Studio album by Man Overboard
- Released: June 30, 2015
- Recorded: Early 2015
- Studio: The Blasting Room, Fort Collins, Colorado
- Genre: Pop punk
- Length: 39:15
- Label: Rise
- Producer: Bill Stevenson, Jason Livermore

Man Overboard chronology
| Passing Ends (2014) | Heavy Love (2015) |  |

= Heavy Love (Man Overboard album) =

Heavy Love is the fourth studio album by American rock band Man Overboard. It was released on June 30, 2015 by Rise Records.

==Background==
In May 2013, Man Overboard released Heart Attack through Rise. Between March and May 2014, Man Overboard supported All Time Low on their A Love Like Tour in the US. Shortly afterwards, Man Overboard went on the Heart Attack tour in North America throughout May and June. It was the band's first headlining tour in a while, following a break – their longest in five years. During this break, some of the band members' relatives had died and a few of the members had gotten married.

The group released Passing Ends, an acoustic EP, in October 2014. The EP was "the biggest reflection" of the group's activities at the time and was the first time the group recorded material since their previous album Heart Attack (2013). In an October interview with Alternative Press, vocalist/guitarist Zac Eisenstein revealed the band were writing and demoing. While working out where to take their new material, Man Overboard was unsure how to "do justice to the emotions we were feeling", Collier revealed. In March and April 2015, the group supported Bayside on their headlining US tour.

==Recording and composition==

It's one thing to be a good sound engineer or producer, but to do both and keep things moving at a comfortable pace is a whole other skill set to have. Bill has it all.
— – Guitarist Justin Collier, discussing working with Stevenson, 2015

For the band's previous releases, they would write material on tour, then demo it after the tour had finished and then take the songs into the studio. For this new album, Bill Stevenson had the band play the songs live in the studio, instead of having them multitrack and listening to the finished result.
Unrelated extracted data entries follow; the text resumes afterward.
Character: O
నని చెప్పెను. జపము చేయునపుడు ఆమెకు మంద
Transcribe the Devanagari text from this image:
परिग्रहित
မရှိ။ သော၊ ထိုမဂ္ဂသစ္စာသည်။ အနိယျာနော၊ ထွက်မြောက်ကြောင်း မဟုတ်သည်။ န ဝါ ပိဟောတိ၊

In early 2015 Heavy Love was recorded at The Blasting Room in Fort Collins, Colorado. It was the first time the band traveled far away from home to record. The album was produced by Stevenson and Jason Livermore, the former of which was a member of the Descendents. Members of Man Overboard grew up listening to the Descendents and were big fans. Guitarist Justin Collier called it "surreal" working with Stevenson. Stevenson gave the band creative control and helped keep the recording process in motion. Collier mentioned that the group were "figur[ing] out how to transition back into being a rock band".
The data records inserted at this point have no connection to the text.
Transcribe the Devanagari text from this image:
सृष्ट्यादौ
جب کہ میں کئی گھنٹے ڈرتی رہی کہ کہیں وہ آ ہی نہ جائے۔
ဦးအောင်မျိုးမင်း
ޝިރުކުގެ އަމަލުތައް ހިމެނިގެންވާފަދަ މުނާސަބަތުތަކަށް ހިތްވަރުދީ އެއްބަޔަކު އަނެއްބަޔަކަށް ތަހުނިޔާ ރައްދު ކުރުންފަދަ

On occasion, Eisenstein would be unsure about a particular guitar riff and say to Stevenson "Where do I draw the line between what I want to play and what people think I should play?" Stevenson would reply with "You draw it right fucking now, record your part!" Stevenson "pushed us by not pushing us, just allowing us to be creative", according to Eisenstein. Eisenstein revealed that there was nothing to distract the band "since we weren't going home to our family and friends every night". He likened it to "going on a little vacation".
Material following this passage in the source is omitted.